DATASET EXTRACT section start

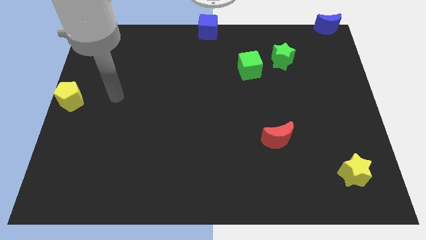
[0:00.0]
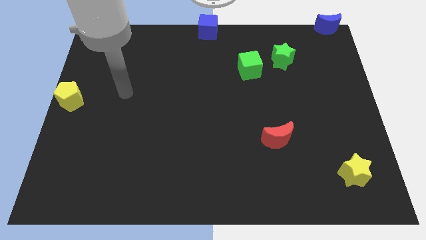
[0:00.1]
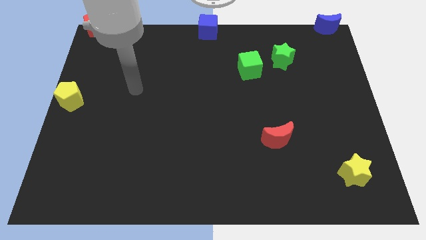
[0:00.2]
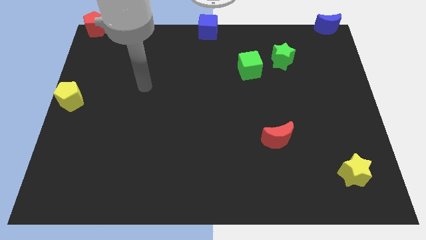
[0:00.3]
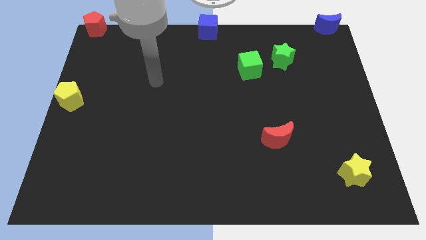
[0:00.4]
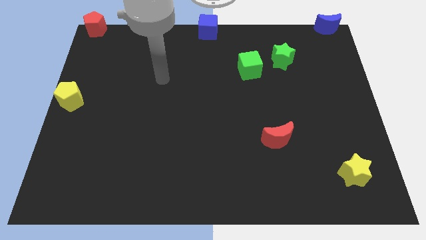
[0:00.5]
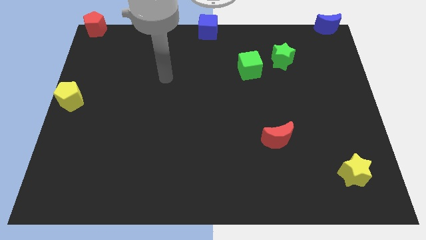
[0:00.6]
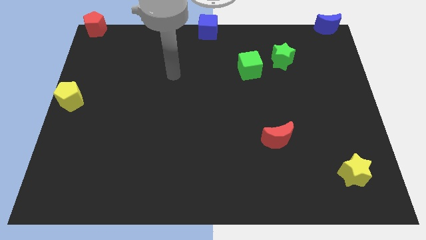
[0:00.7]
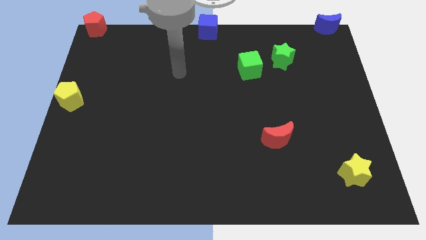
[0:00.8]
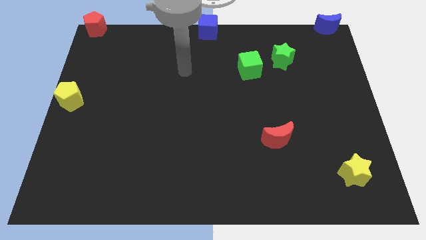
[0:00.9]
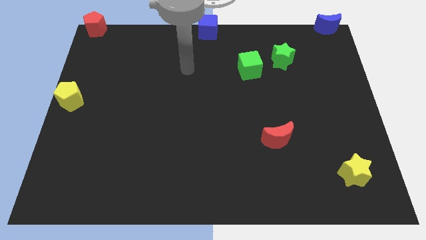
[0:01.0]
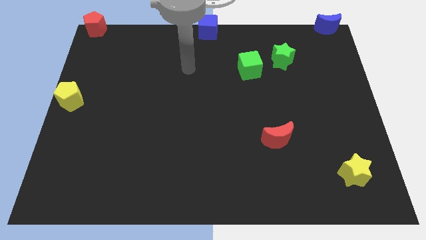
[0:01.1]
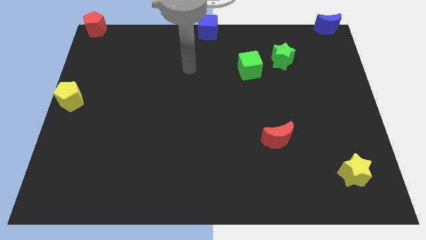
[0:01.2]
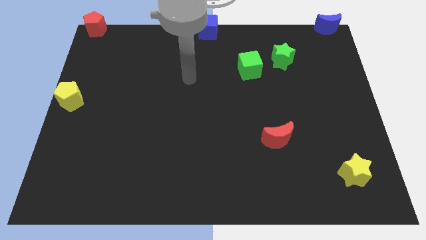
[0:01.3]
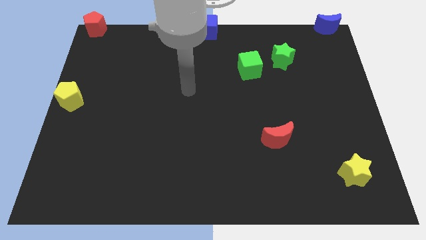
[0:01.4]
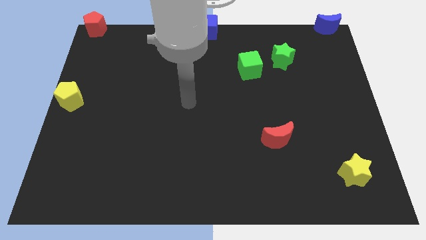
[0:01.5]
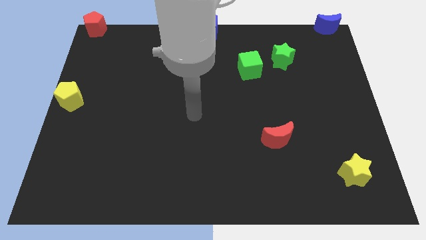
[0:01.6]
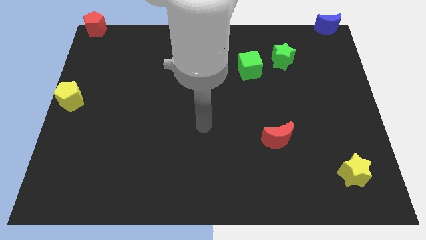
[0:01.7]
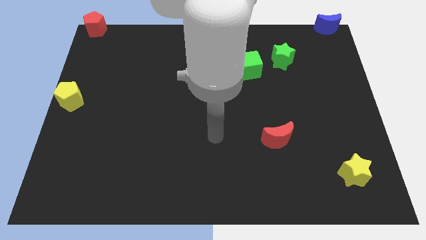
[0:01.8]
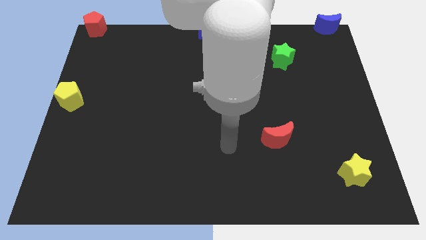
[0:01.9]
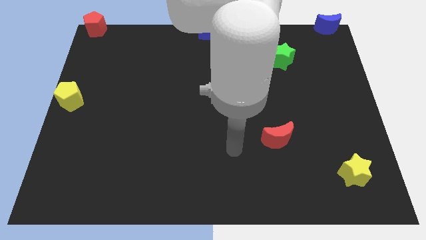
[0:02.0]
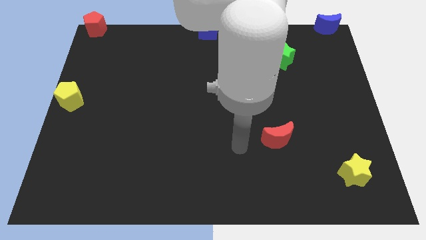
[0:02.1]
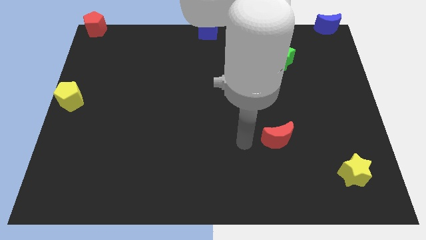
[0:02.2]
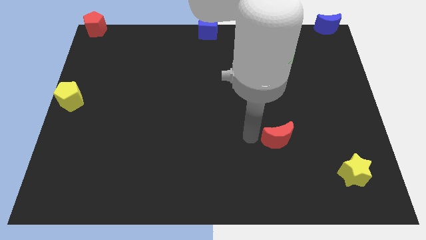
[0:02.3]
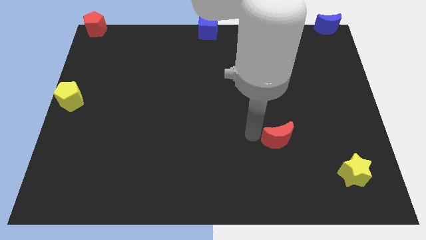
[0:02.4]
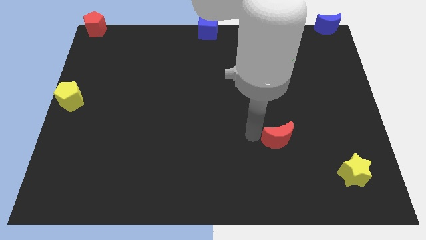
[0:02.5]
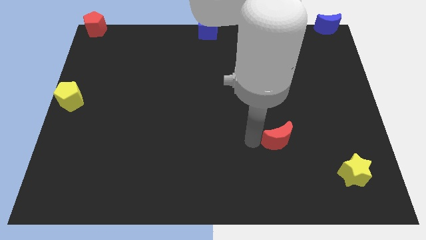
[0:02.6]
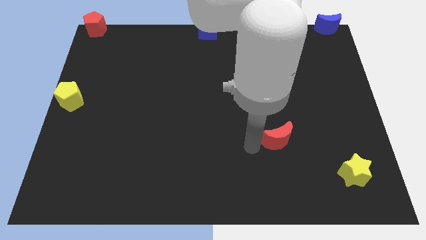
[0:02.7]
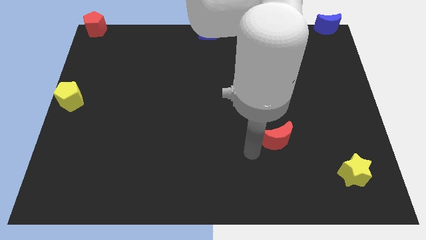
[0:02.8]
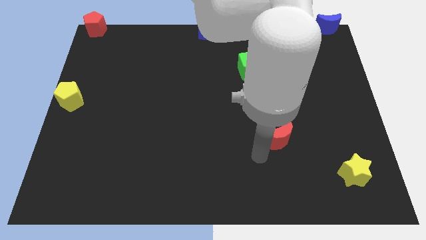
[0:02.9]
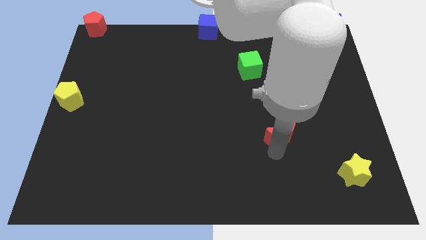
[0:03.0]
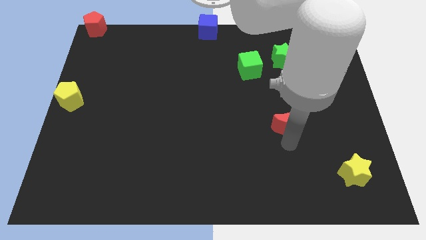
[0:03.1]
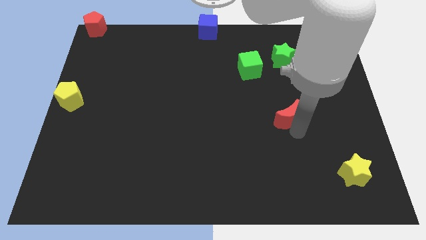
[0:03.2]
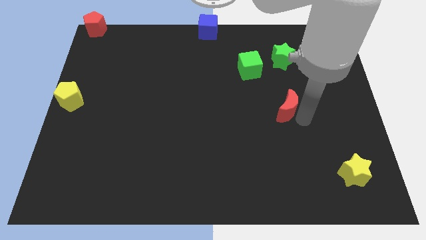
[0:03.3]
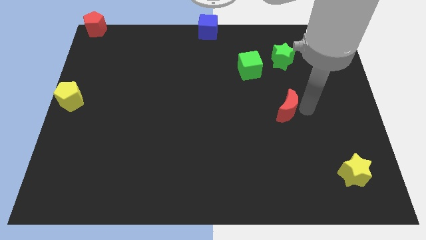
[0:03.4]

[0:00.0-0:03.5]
move the red crescent at the bottom side of the green star

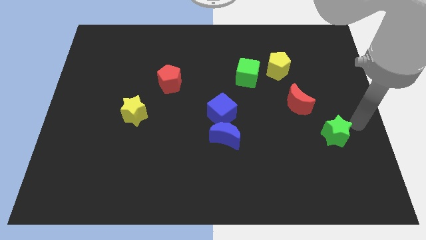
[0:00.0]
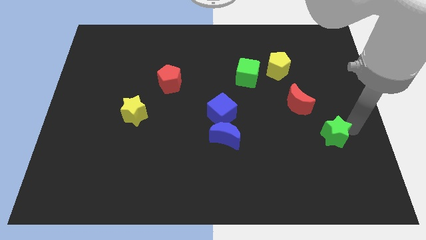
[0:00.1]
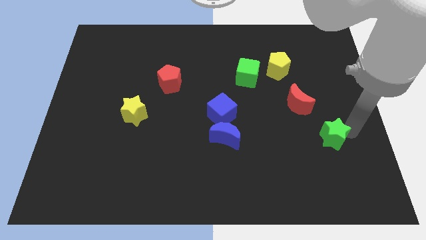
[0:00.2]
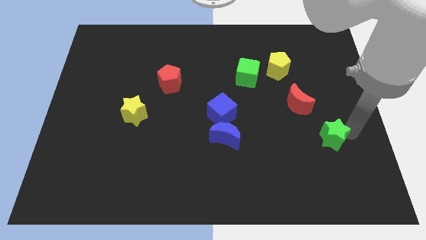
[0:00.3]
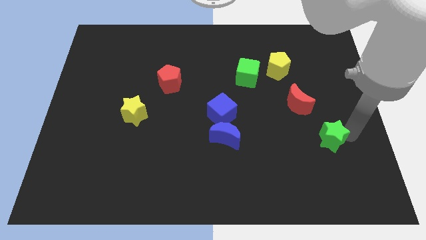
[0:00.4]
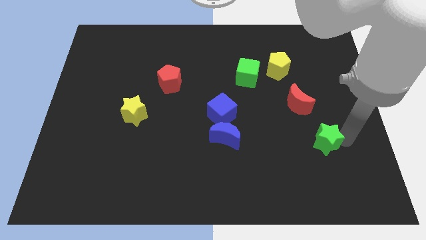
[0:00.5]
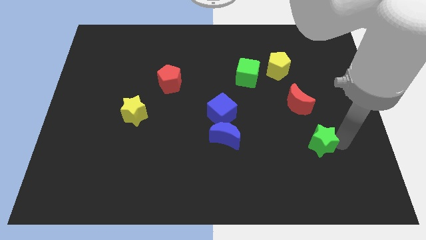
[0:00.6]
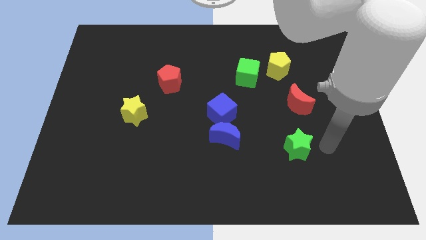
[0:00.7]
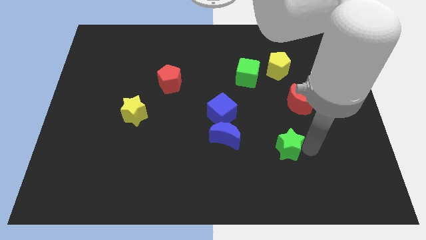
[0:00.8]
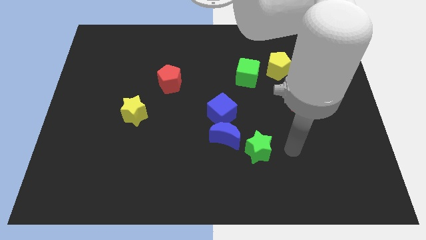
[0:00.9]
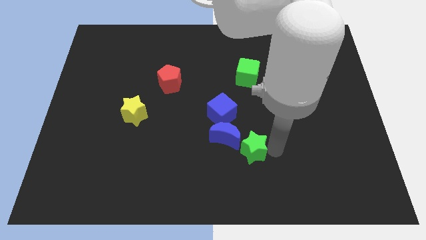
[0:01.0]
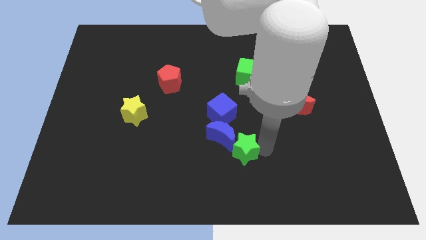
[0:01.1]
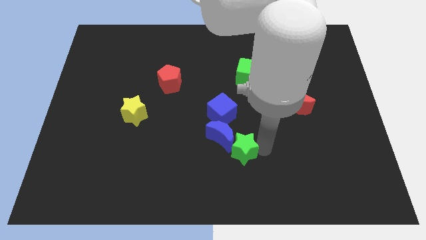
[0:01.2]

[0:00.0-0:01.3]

DATASET EXTRACT section end

### ACTION ITEM
With the pictures omitted, the entries are to be transcribed in full, exactly as they appear.

### YOUR RESPONSE
[0:00.0]
[0:00.1]
[0:00.2]
[0:00.3]
[0:00.4]
[0:00.5]
[0:00.6]
[0:00.7]
[0:00.8]
[0:00.9]
[0:01.0]
[0:01.1]
[0:01.2]
[0:01.3]
[0:01.4]
[0:01.5]
[0:01.6]
[0:01.7]
[0:01.8]
[0:01.9]
[0:02.0]
[0:02.1]
[0:02.2]
[0:02.3]
[0:02.4]
[0:02.5]
[0:02.6]
[0:02.7]
[0:02.8]
[0:02.9]
[0:03.0]
[0:03.1]
[0:03.2]
[0:03.3]
[0:03.4]

[0:00.0-0:03.5]
move the red crescent at the bottom side of the green star

[0:00.0]
[0:00.1]
[0:00.2]
[0:00.3]
[0:00.4]
[0:00.5]
[0:00.6]
[0:00.7]
[0:00.8]
[0:00.9]
[0:01.0]
[0:01.1]
[0:01.2]

[0:00.0-0:01.3]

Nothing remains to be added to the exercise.